The remaining months of the war passed relatively quietly as far as I was concerned, though certain things stay in the mind: asking my Dad what would be in the newspapers in peacetime when there was no war to report, seeing him bring home his ‘cotchel’ every week; ambling home from school one day with a clear sky overhead and seeing a V-2 rocket blown up in mid-air a few miles away (which turned out to have been over Barratts sweet factory at Wood Green). seeing my aunt’s grief on learning that her Canadian airman boyfriend had been killed in a raid over Germany.

However, I suppose my time during the war was really characterised mostly by ordinariness and a little bit of luck. Two events afterwards, however, made a big impression.

The first was on the morning of Christmas Day ’45, Germany had surrendered in May and Japan had thrown in the towel in August. I usually walked to the church at Cockfosters where I had become an altar-server and would often be joined by one or other of the lads who lived nearby. We were down for the 11.30 Mass and as we emerged onto Bramley Road a small squad of German POWs was being marched in the same direction. They came from a camp which had been set up just off Cat Hill. We tried to keep in step but they were too quick for us. A few minutes later we arrived at the church and discovered that these prisoners were also at the Mass. This was a surprise, after all, weren’t these the agents of the devil as we had been led to believe? They were seated at the back under guard. Later during the distribution of communion they stood up and gave the most beautiful and moving rendition of Silent Night (in German, naturally) I had ever heard or have heard since. Here was a group of men we had been told to hate and yet even to my young and inexperienced ears they had presented something exquisite. I was not into any philosophical thoughts at the time but gradually down the years it taught me a lesson about the utter waste and futility of war, that we are all human beings, and all of the same race.
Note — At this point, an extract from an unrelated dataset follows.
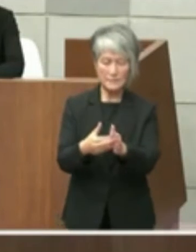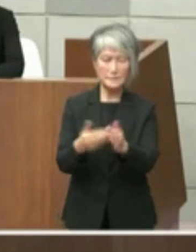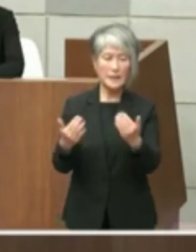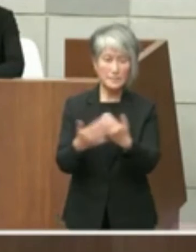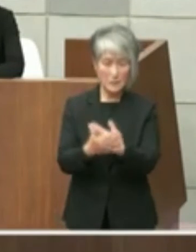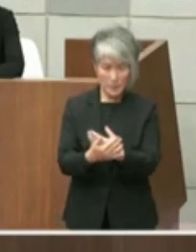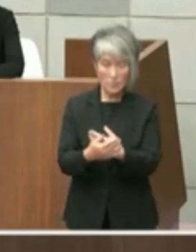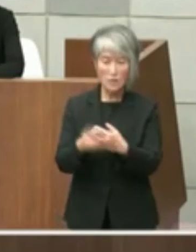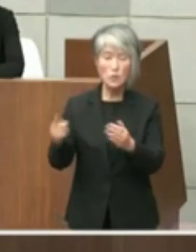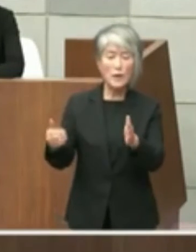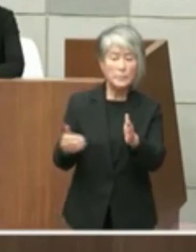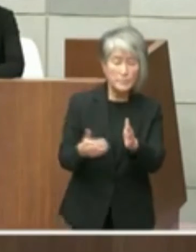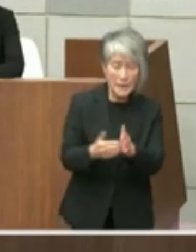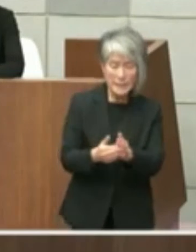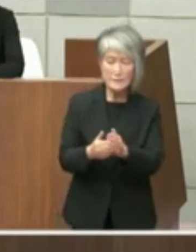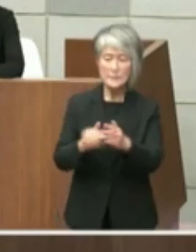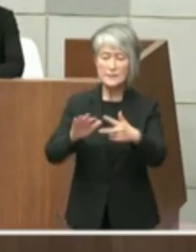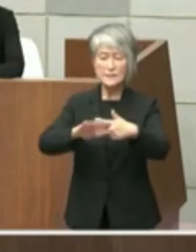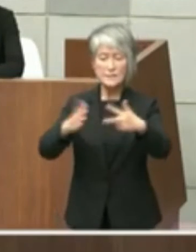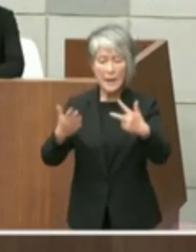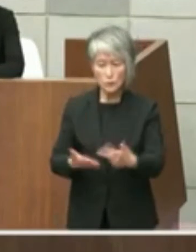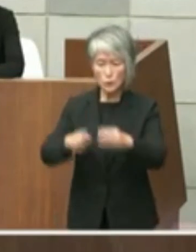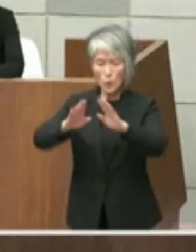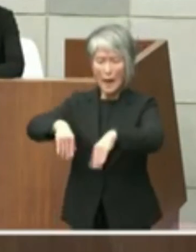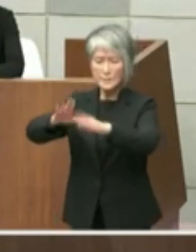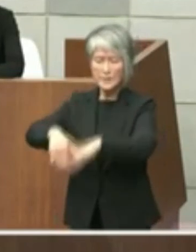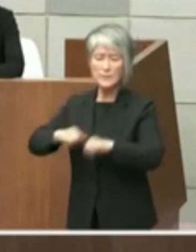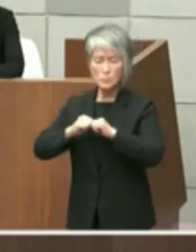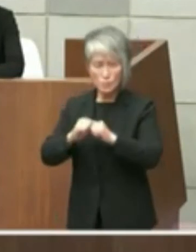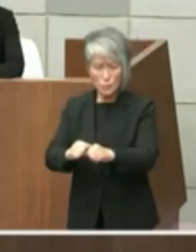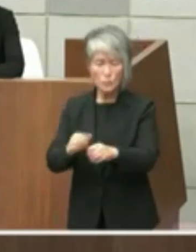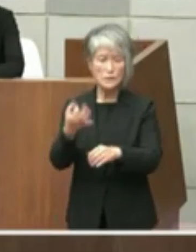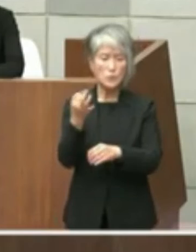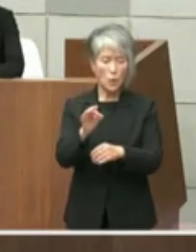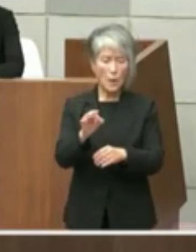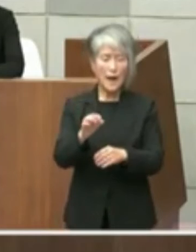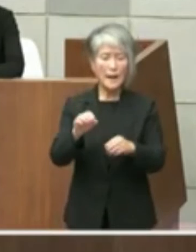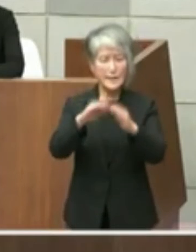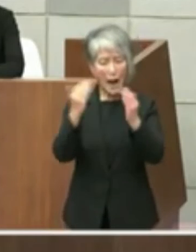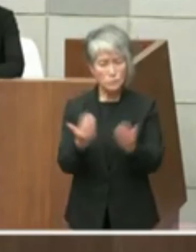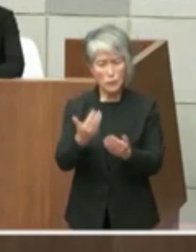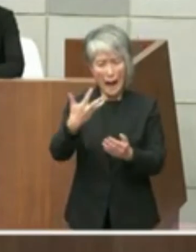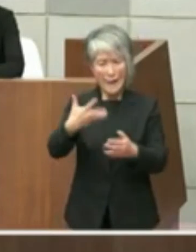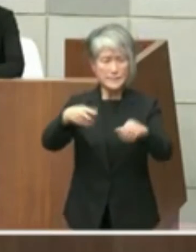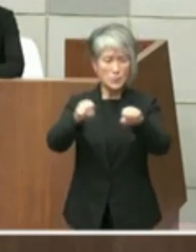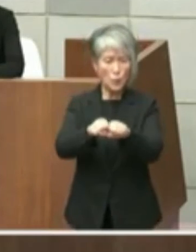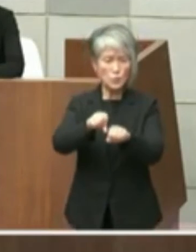解体する費用は約8億円と試算しており 単に解体するだけで多額の趣味負担を伴う

The second event happened a couple of years or so after the end of the war. The radio was on and a play was about to start on the Home Service. The opening sequence included an air raid siren. I was only half-listening but immediately I was riveted to the spot and broke out in a sweat of fear.

A sound about which we had become almost complacent through the war clearly had had a much deeper effect than we knew.